(582e) Real-Time Dynamic Hoist Scheduling under Uncertainties

Chemical processing and many manufacturing activities involve the handling of materials in multi-stage operational settings. Coating processes, such as electroplating and polymeric coating processes, are typical examples, where materials are usually handled by hoist(s). Each hoist is automatically controlled to carry jobs among processing units in a production line, according to a pre-set hoist schedule. Hoist schedule development, or hoist scheduling, is an integral part of design and operation for a manufacturing process. An optimal hoist schedule can improve significantly production efficiency and manufacturing cost. It is known that as high as 20% reduction in mean job waiting time and 50% improvement in standard deviation of cycle time can be reached in operations.

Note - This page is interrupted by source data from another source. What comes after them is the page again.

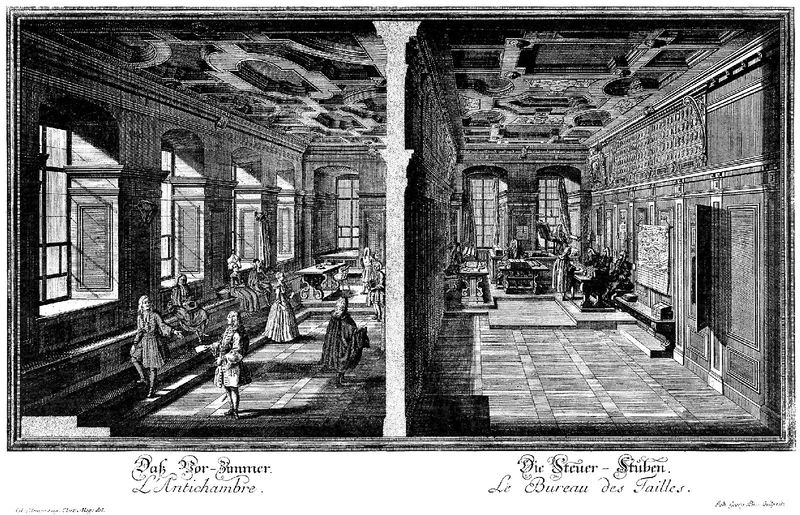
Titel: Rathaus in Augsburg
Künstler: Elias Holl
Standort: Augsburg, Maximilianstraße (EU - D - B)
Schlagwörter: mann, schatten, frauen, menschen, sitzen, fenster, frau, holz, kleid, kleider, licht, männer, raum, schwarz, tisch, tische, zeichnung, zimmer, gebäude, herren, rock, barock, stehen, bild, mantel, adel, decke, schrift, bilder, zwei, hof, weis, französisch, stuck, deutsch, gewölbe, buch, druck, stich, seite, fliesen, text, räume, kassetten, landkarte, englisch, antichambre, stick, voll, täfelung, signatr, steuer, vorzimmer, stuben, steur
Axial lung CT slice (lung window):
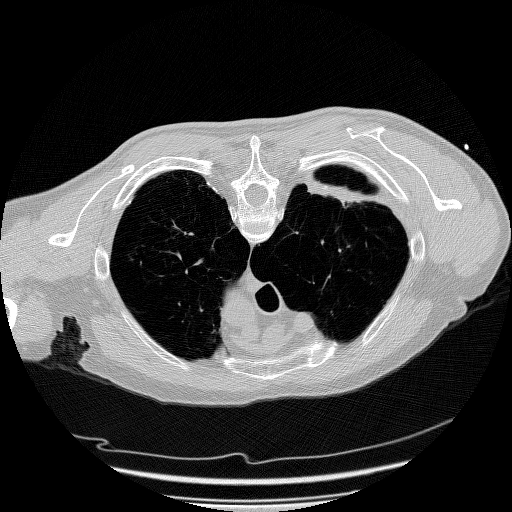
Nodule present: no
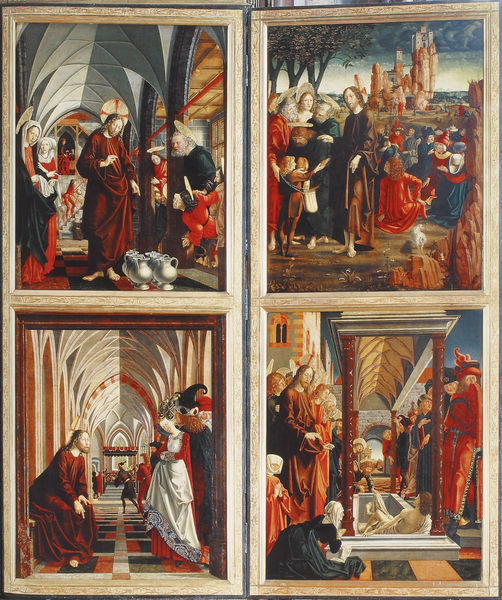
Titel: Hochaltar in der Wallfahrts- und Pfarrkirche St. Wolfgang
Künstler: Michael Pacher
Standort: Sankt Wolfgang am Abersee, Pfarrkirche St. Wolfgang (EU - AUT - Salzkammergut)
Schlagwörter: felsen, flügel, gemälde, gelb, stadt, bunt, fenster, schwarz, säulen, rot, geschichte, goldrahmen, kirche, gold, händler, krug, farbig, bilder, bogen, wein, vier, gewölbe, religion, dom, geld, fliesen, altar, kreuzrippengewölbe, heiligenschein, sarg, krüge, christus, grab, jesus, jesus christus, scharnier, hochzeit, tempel, fensterflügel, jünger, maria, heilung, christen, biblisch, szenen, christentum, grablegung, auferstehung, tafelbild, grabmal, speisung, sarkophag, kirchenfenster, retabel, tafeln, kreuznimbus, schächer, wunder, altarbilder, kanaan, altarflügel, erweckung, wirken, klappbild, vermehrung, gewölb, tetrachon

In a class of multi-product production lines, hoist scheduling has to confront a variety of uncertainties, such as random arrival of types of jobs, processing requirement change, processing unit availability, and job initial condition difference. These have made real-time dynamic hoist scheduling (RDHS) extremely difficult. Hitherto, available RDHS methods are mostly experience based and thus the solution optimality is not considered. Moreover, they are restricted to the problems where each unit could only have a single processing capacity. The other class of methods is mathematical programming based, where an optimization model is formulated and an optimal solution is sought by means of solution algorithms. A major problem by this class of methods is computational inefficiency, even for a small-scale scheduling problem. Hence, they are impractical for real-time application.

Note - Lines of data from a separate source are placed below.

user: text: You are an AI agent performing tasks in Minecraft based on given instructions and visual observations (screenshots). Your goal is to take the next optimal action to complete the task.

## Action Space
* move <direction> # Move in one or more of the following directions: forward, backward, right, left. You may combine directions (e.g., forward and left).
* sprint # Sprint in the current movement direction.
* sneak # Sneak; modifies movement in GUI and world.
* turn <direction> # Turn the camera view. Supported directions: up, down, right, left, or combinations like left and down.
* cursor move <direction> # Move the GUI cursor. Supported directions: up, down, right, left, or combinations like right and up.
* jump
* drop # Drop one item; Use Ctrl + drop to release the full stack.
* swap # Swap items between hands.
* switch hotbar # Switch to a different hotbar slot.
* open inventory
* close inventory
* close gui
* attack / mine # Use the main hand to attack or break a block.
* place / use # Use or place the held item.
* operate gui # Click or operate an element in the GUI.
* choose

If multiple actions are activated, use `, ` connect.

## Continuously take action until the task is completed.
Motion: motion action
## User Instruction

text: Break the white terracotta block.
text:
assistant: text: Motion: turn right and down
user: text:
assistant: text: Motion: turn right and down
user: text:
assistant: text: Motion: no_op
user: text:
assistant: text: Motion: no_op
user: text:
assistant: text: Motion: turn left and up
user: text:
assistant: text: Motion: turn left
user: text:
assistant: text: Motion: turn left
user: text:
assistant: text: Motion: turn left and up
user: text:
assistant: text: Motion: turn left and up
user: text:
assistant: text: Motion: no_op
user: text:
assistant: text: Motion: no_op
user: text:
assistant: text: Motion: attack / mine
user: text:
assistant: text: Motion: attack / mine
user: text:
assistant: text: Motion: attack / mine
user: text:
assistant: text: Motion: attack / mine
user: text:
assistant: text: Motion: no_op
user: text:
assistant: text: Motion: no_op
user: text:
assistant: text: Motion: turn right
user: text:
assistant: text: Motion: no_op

In this paper, a novel RDHS algorithm is introduced, which takes uncertainties into account and targets real-time applicability. The scheduling activities are motivated in a reactive way that any occurrence of process uncertainties will help initiate a new static schedule. Thus, the RDHS problem is actually implemented as a series of static scheduling problems, and in each of such problems, the hoist movements are programmed to make jobs to be processed as fast as possible. In order to guarantee the efficiency of each static schedule, a heuristic-rule based decomposition method is used to predict job-processing status first, and then to identify hoist movement sequence with a best-first search technique.

The efficacy of the proposed methodology is demonstrated by a successfully tackling of a real RDHS problem, where 16 units (including a plating unit with eight-job processing capacities and many cleaning and rinsing units) are employed in a production line to continuously process three different types of jobs. The application results show that any new hoist schedule can be generated in less than two seconds on a Pentium III PC with satisfactory optimal production rate.